EXCERPTED DATA Block Start

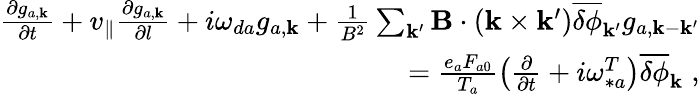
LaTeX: \begin{array}{r}{\frac{\partial g_{a,{\mathbf k}}}{\partial t}+v_{\| }\frac{\partial g_{a,{\mathbf k}}}{\partial l}+i\omega_{da}g_{a,{\mathbf k}}+\frac{1}{B^{2}}\sum_{{\mathbf k}^{\prime}}{\mathbf B}\cdot({\mathbf k}\times{\mathbf k}^{\prime})\overline{{\delta\phi}}_{{\mathbf k}^{\prime}}g_{a,{\mathbf k}-{\mathbf k}^{\prime}}}\\ {=\frac{e_{a}F_{a0}}{T_{a}}\left(\frac{\partial}{\partial t}+i\omega_{\ast a}^{T}\right)\overline{{\delta\phi}}_{\mathbf k}\; ,}\end{array}
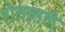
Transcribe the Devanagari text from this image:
शेतातले
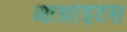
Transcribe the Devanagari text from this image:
आर्थ्राइटस
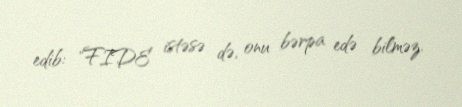
edib: "FIDE istəsə də, onu bərpa edə bilməz.
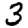
Digit: 3
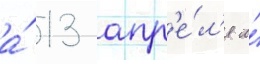
а́ 13 апр'е́л'я и́
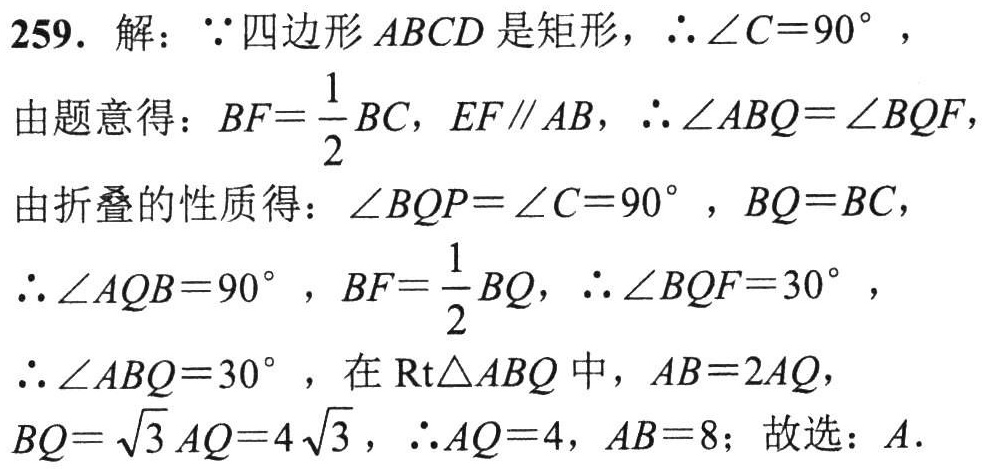
259. 解：\(\because\)四边形\(ABCD\)是矩形，\(\therefore\angle C = 90^{\circ}\)，

由题意得：\(BF=\dfrac{1}{2}BC\)，\(EF\parallel AB\)，\(\therefore\angle ABQ=\angle BQF\)，

由折叠的性质得：\(\angle BQP=\angle C = 90^{\circ}\)，\(BQ = BC\)，

\(\therefore\angle AQB = 90^{\circ}\)，\(BF=\dfrac{1}{2}BQ\)，\(\therefore\angle BQF = 30^{\circ}\)，

\(\therefore\angle ABQ = 30^{\circ}\)，在\(\text{Rt}\triangle ABQ\)中，\(AB = 2AQ\)，

\(BQ=\sqrt{3}AQ = 4\sqrt{3}\)，\(\therefore AQ = 4\)，\(AB = 8\)；故选：\(A\).
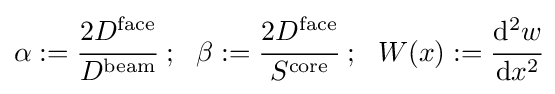
\alpha :={\cfrac {2D^{\mathrm {face} }}{D^{\mathrm {beam} }}}~;~~\beta :={\cfrac {2D^{\mathrm {face} }}{S^{\mathrm {core} }}}~;~~W(x):={\cfrac {\mathrm {d} ^{2}w}{\mathrm {d} x^{2}}}
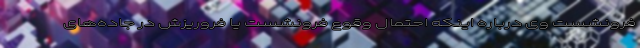
فرونشست وی درباره اینکه احتمال وقوع فرونشست یا فروریزش در جاده‌های
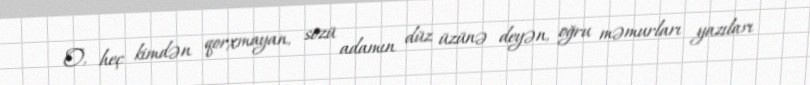
O, heç kimdən qorxmayan, sözü adamın düz üzünə deyən, oğru məmurları yazıları
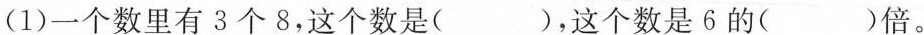
(1)一个数里有3个8，这个数是( )，这个数是6的( )倍。
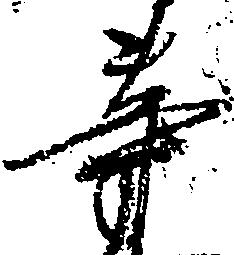
等
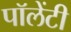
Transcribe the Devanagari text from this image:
पॉलेंटी
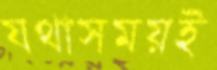
যথাসময়ই
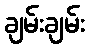
ချမ်းချမ်း
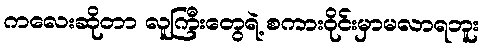
ကလေးဆိုတာ လူကြီးတွေရဲ့ စကားဝိုင်းမှာမလာရဘူး
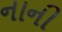
નાની
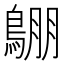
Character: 𪂙
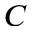
C
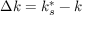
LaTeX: \Delta k = k _ { s } ^ { * } - k
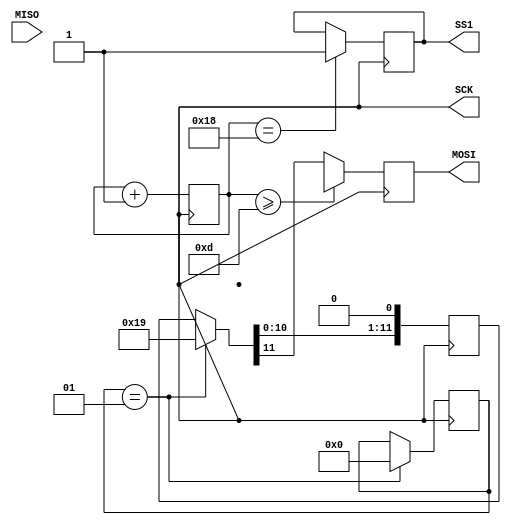
module fpga(SCK,MISO,MOSI,SS1);

output reg SCK;
output reg SS1;
output reg MOSI;
reg [11:0]data;

input MISO;

//reg [9:0] voltage [0:4];
//reg [9:0] power [0:4];
reg [2:0] d=001;
integer s=1;
reg [9:0]memory1;
reg [7:0]count1=0;
integer i=9;
//integer j=4;
//reg [9:0] p;
initial begin
SS1=0;

//voltage[0]=10'd45;
//voltage[1]=10'd50;
//voltage[2]=10'd75;h
//voltage[3]=10'd75;
//voltage[4]=10'd56;
//power[0]=10'd45;
//power[1]=10'd50;
//power[2]=10'd75;
//power[3]=10'd75;
//power[4]=10'd20;
end

always@(negedge SCK)
begin
if(s==1)begin
if(d==000)begin
data=12'b000000011000;
end
else if(d==001)begin
data=12'b000000011001;
end
else if(d==010)begin
data=12'b000000011010;
end

else if(d==011)begin
data=12'b000000011011;
end
else if(d==100)begin
data=12'b000000011100;
end
else if(d==101)begin
data=12'b000000011101;
end
else if(d==110)begin
data=12'b000000011110;
end
else if(d==111)begin
data=12'b000000011111;
end


s=0;
end
MOSI = data[11];
data = data<<1;
if(count1>=13)begin
MOSI=1'bx;
end
end

always@(posedge SCK)begin
  if(count1>13 && count1<24 && i>-1)begin
  memory1[i]<=MISO;// data to be compared with table 
  i<=i-1;
  end
  count1<=count1+1;
  if(count1==24)begin
   SS1<=1;
  end
end

endmodule
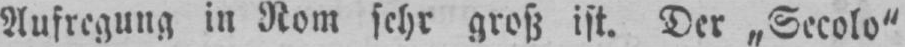
Aufregung in Rom sehr groß ist. Der „Secolo“
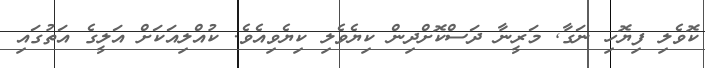
ކޮވެލި ފިޔޮހި ނަގާ

EXCERPTED DATA Block End

## [YOUR ASSIGNMENT]
I would like you to set down the lines above, from the one containing "else if(d==110)begin" to the final line, exactly as written and without pictures.

## [RESPONSE TO THIS TASK]
else if(d==110)begin
data=12'b000000011110;
end
else if(d==111)begin
data=12'b000000011111;
end


s=0;
end
MOSI = data[11];
data = data<<1;
if(count1>=13)begin
MOSI=1'bx;
end
end

always@(posedge SCK)begin
  if(count1>13 && count1<24 && i>-1)begin
  memory1[i]<=MISO;// data to be compared with table 
  i<=i-1;
  end
  count1<=count1+1;
  if(count1==24)begin
   SS1<=1;
  end
end

endmodule
Aufregung in Rom sehr groß ist. Der „Secolo“
ކޮވެލި ފިޔޮހި ނަގާ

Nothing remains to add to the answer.